NON-PROFESSIONAL READERS AND THE PROFESSIONAL BOOKMAKER: THE ELLESMERE MANUSCRIPT AND KELMSCOTT CHAUCER AS GUIDES TO CHAUCER

Raegan Leigh Russell, Ph.D. Cornell University, 2002

This dissertation explores how two highly innovative illustrated books of Chaucer's poetry encode visual cues that encourage the reader to become an active participant in understanding the text. The Ellesmere manuscript is a richly decorated medieval copy of the Canterbury Tales. The Kelmscott Chaucer is a product of Victorian medievalism, the beginning of modern interest in things medieval. The designers who created each book were professional readers who presented Chaucer's poetry persuasively to a non-professional audience with very different interpretive interests from their own. Their techniques for entertaining and provoking the reader are a model for how modern medievalists might introduce Chaucer's poetry to students and casual readers outside the academy.

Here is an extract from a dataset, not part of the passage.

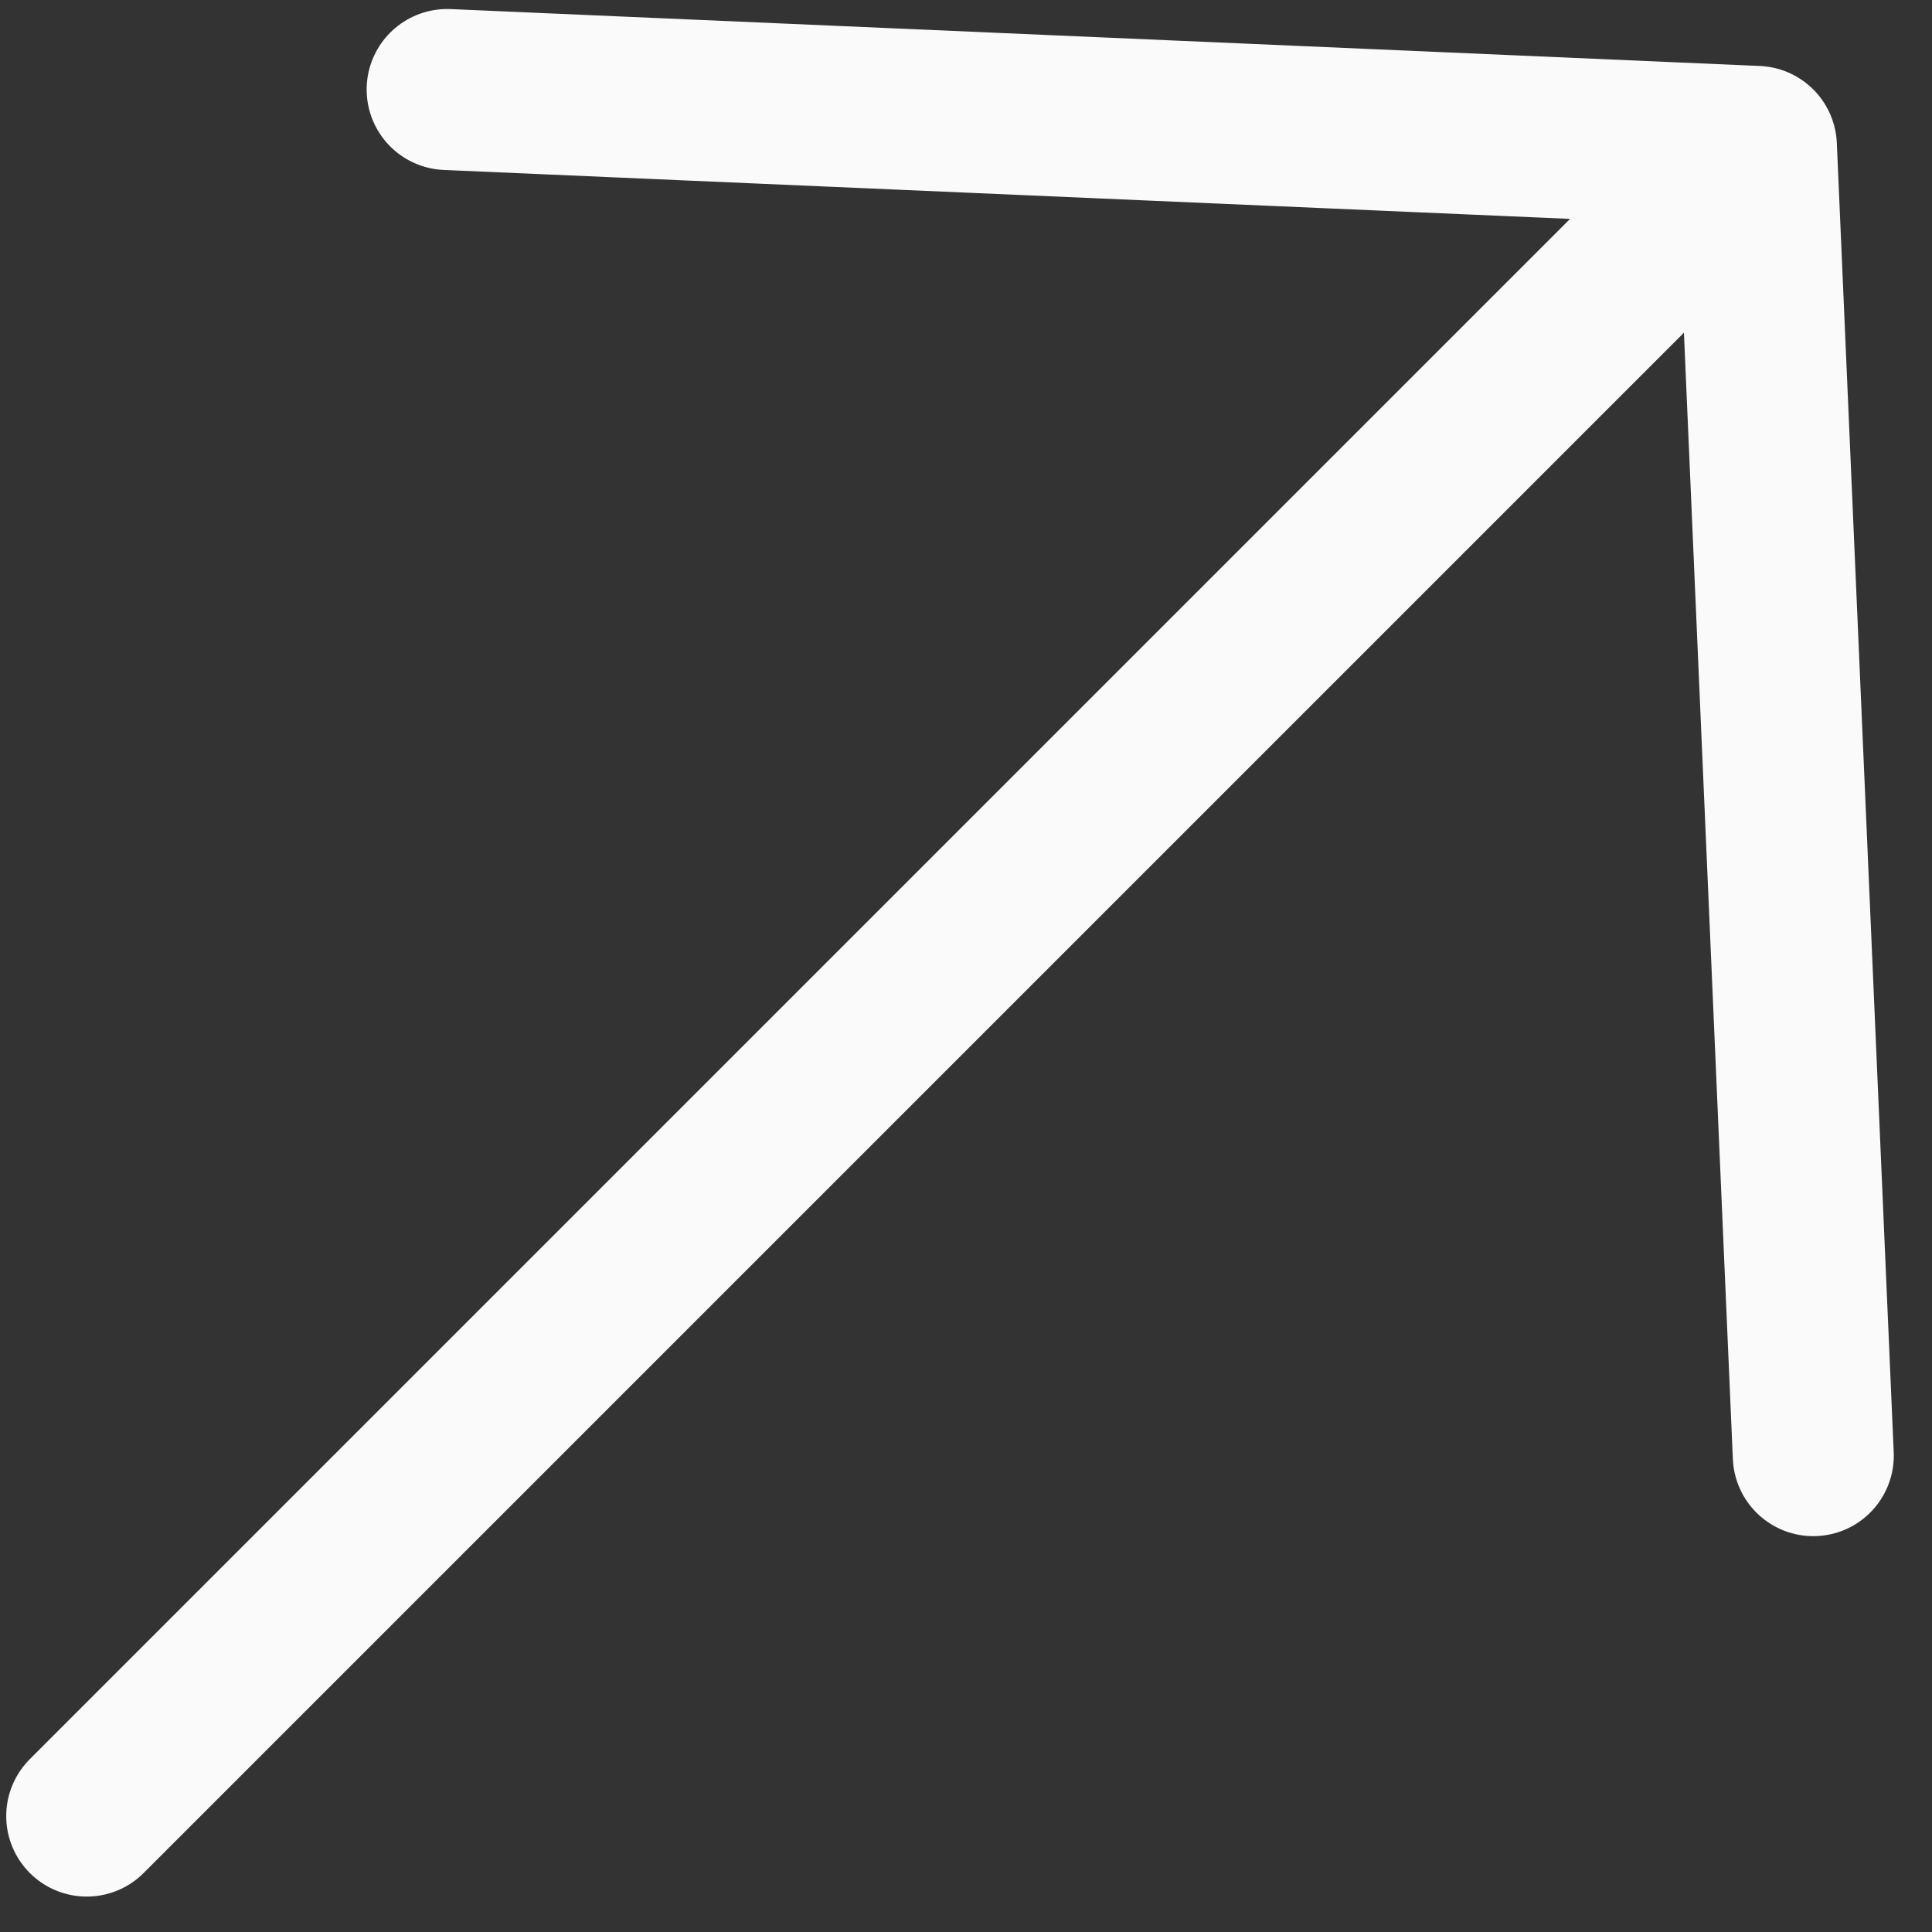 <?xml version="1.0" encoding="UTF-8"?> <svg xmlns="http://www.w3.org/2000/svg" width="18" height="18" viewBox="0 0 18 18" fill="none"><rect x="0" y="0" width="18" height="18" fill="#333333" stroke="none"/><path d="M0.808 16.92L16.364 1.364M16.364 1.364L4.166 0.834M16.364 1.364L16.894 13.562" stroke="#FBFAFA" stroke-width="1.5" stroke-linecap="round" stroke-linejoin="round"></path></svg>

I begin by describing how the professionalizaion of medieval literary studies has made Chaucer's texts seem inaccessible. Professional and non-professional readers have very different interests, and this gap has a negative effect on Chaucer's place in the academy and in popular culture. Thoughtful editions of Chaucer's poetry provide a model for how this gap might be bridged.

The next two chapters examine how the professionals who designed the Ellesmere manuscript presented the Canterbury Tales to an aristocratic audience interested in demonstrating its social and economic power through the acquisition of expensive manuscripts. The Ellesmere fulfills its audience's expectations and encourages readers to debate the radical ideas in the Tales that were of interest to the bookmakers.

The next chapter provides the background of the Pre-Raphaelite interpretive community that produced the Kelmscott edition of Chaucer's complete works. The makers of this book believed that the reception of poetry was highly personal, and the last two chapters show how they use Chaucer's poetry to understand their own lives. This book authorizes personal response as an authentic form of reception through the tenets of the Pre-Raphaelite movement and through the words of Chaucer's poetry.

These books show how medievalists can encourage readers to participate imaginatively in Chaucer's texts. Readers have historically responded to the aspects of Chaucer's poetry which authorize such participation. These books show how medievalists might enticingly interest a new set of readers in Chaucer's works.